Remote image processing in JavaScript

[Tom] wrote in to tell us about his JavaScript project for motion detection. It ties together two ideas we’ve talked about recently. The first is doing image processing in-browser using Canvas(), which we’ve seen employed in captcha breaking. The second is offloading heavy processing to browsers, which we saw recently in the MapReduce implementation. [Tom] is using JavaScript to compare consecutive images to determine if there’s any motion. He did this as part of MJPG-Streamer, a program for streaming images from webcams. It can run on very limited hardware, but image processing can be very intensive. Doing the image processing in-browser makes up for this limitation and means that a custom client program doesn’t have to be written. You can find the code here and a PDF about the proof of concept.

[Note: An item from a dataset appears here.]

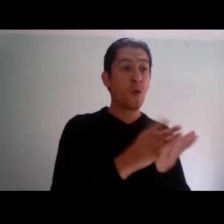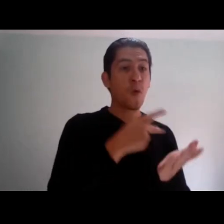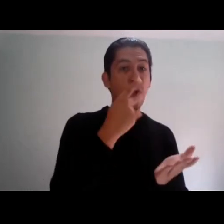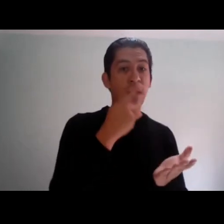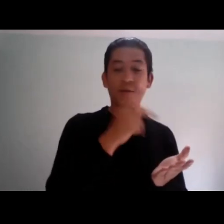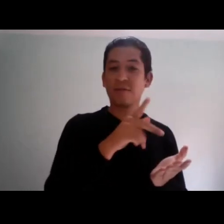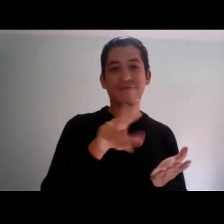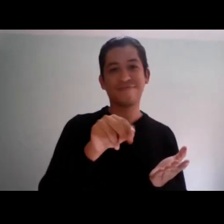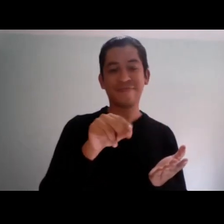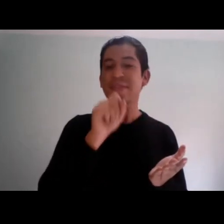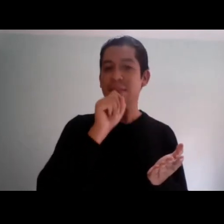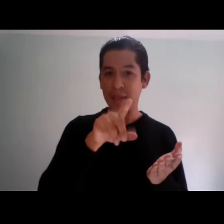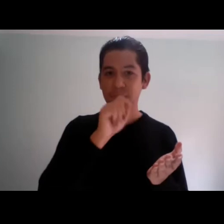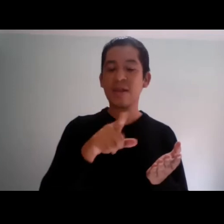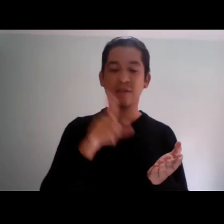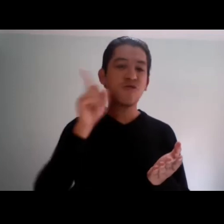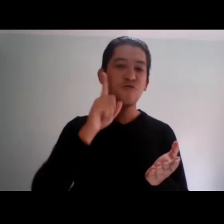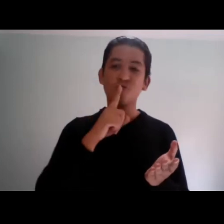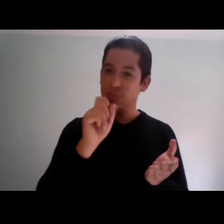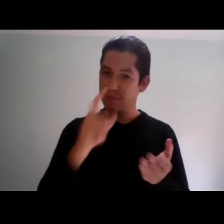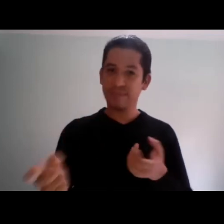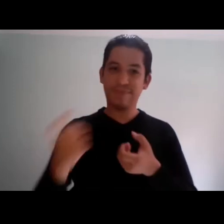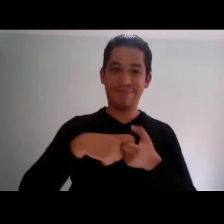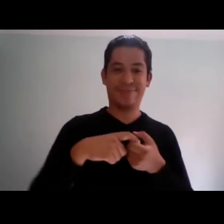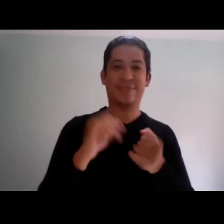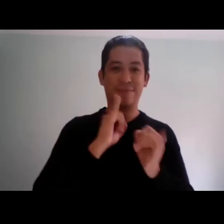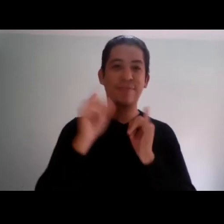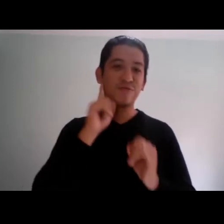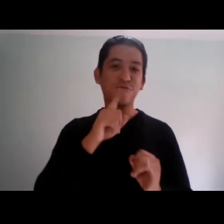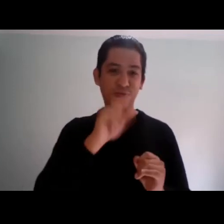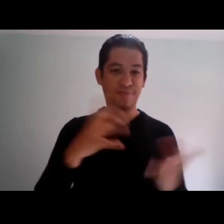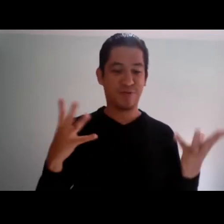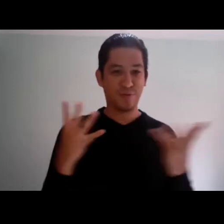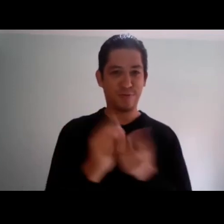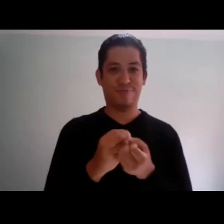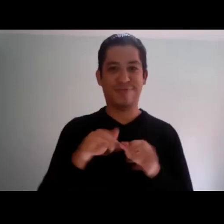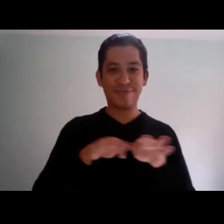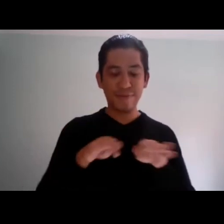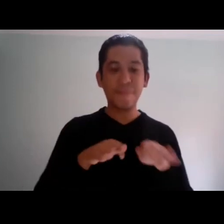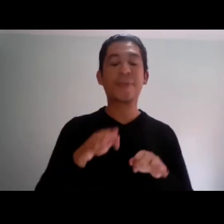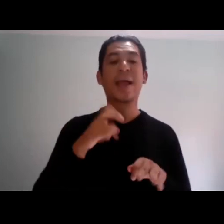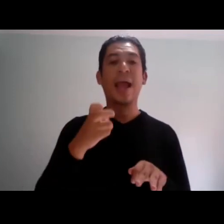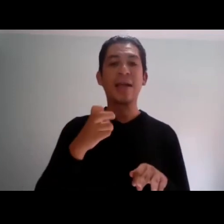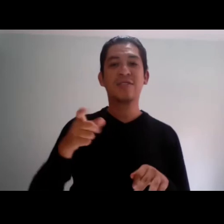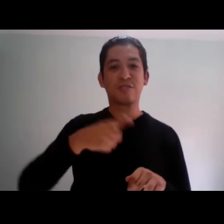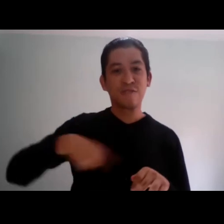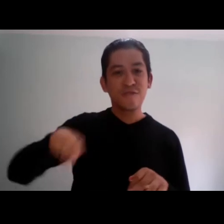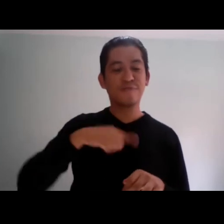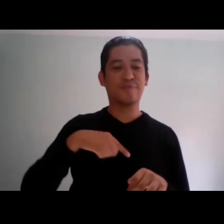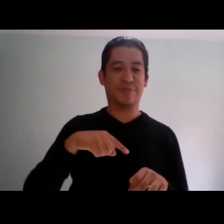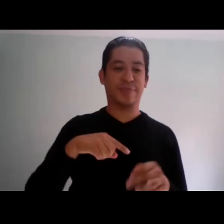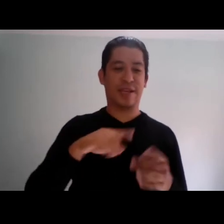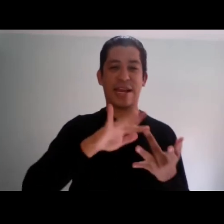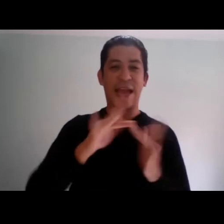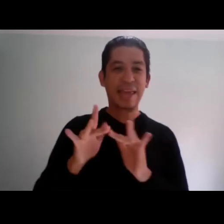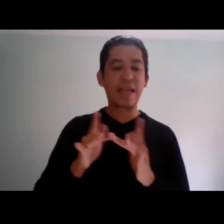conformar un grupo de intérpretes, de traductores relacionados con la lengua de señas, pero no solo de, de

Distributed computing in JavaScript


We’ve heard about the idea of using browsers as distributed computing nodes for a couple years now. It’s only recently, with the race towards faster JavaScript engines in browsers like Chrome that this idea seems useful. [Antimatter15] did a proof of concept JavaScript implementation for reversing hashes. Plura Processing uses a Java applet to do distributed processing. Today, [Ilya Grigorik] posted an example using MapReduce in JavaScript. Google’s MapReduce is designed to support large dataset processing across computing clusters. It’s well suited for situations where computing nodes could go offline randomly (i.e. a browser navigates away from your site). He included a JavaScript snippet and a job server in Ruby. It will be interesting to see if someone comes up with a good use for this; you still need to convince people to keep your page open in the browser though. We’re just saying: try to act surprised when you realize Hack a Day is inexplicably making your processor spike…

[via Slashdot]

sslstrip, hijacking SSL in network

Last week at Black Hat DC, [Moxie Marlinspike] presented a novel way to hijack SSL. You can read about it in this Forbes article, but we highly recommend you watch the video. sslstrip can rewrite all https links as http, but it goes far beyond that. Using unicode characters that look similar to / and ? it can construct URLs with a valid certificate and then redirect the user to the original site after stealing their credentials. The attack can be very difficult for even above average users to notice. This attack requires access to the client’s network, but [Moxie] successfully ran it on a Tor exit node.

Google Chrome roundup

Google Chrome made a huge splash in the past week, but will it really change the way you browse, and convince you to switch from your current browser? For those who want to play with it but don’t want Google to completely take over their lives, Chromium is the open source project behind Google Chrome. Linux and OS X users can also run Chrome using WINE, although success is not guaranteed. To make an educated choice, read Scott McCloud’s comic which explains the underpinnings. Make sure you’re aware of Chrome’s security vulnerabilities, and take advantage of Lifehacker’s guide to make your browsing experience as convenient and useful as possible. There are some great features, including the ability to log into multiple Google accounts using its much-lauded Incognito mode, which prevents Google Chrome from logging information on your browsing and downloading habits (websites you browse can still track your information). For convenience, you can also install Chrome on a USB drive, and take it anywhere with you. Explore the many Google Chrome blogs that have popped up to provide advice on hacking and tweaking the browser. Or you could just get all your information from 4chan.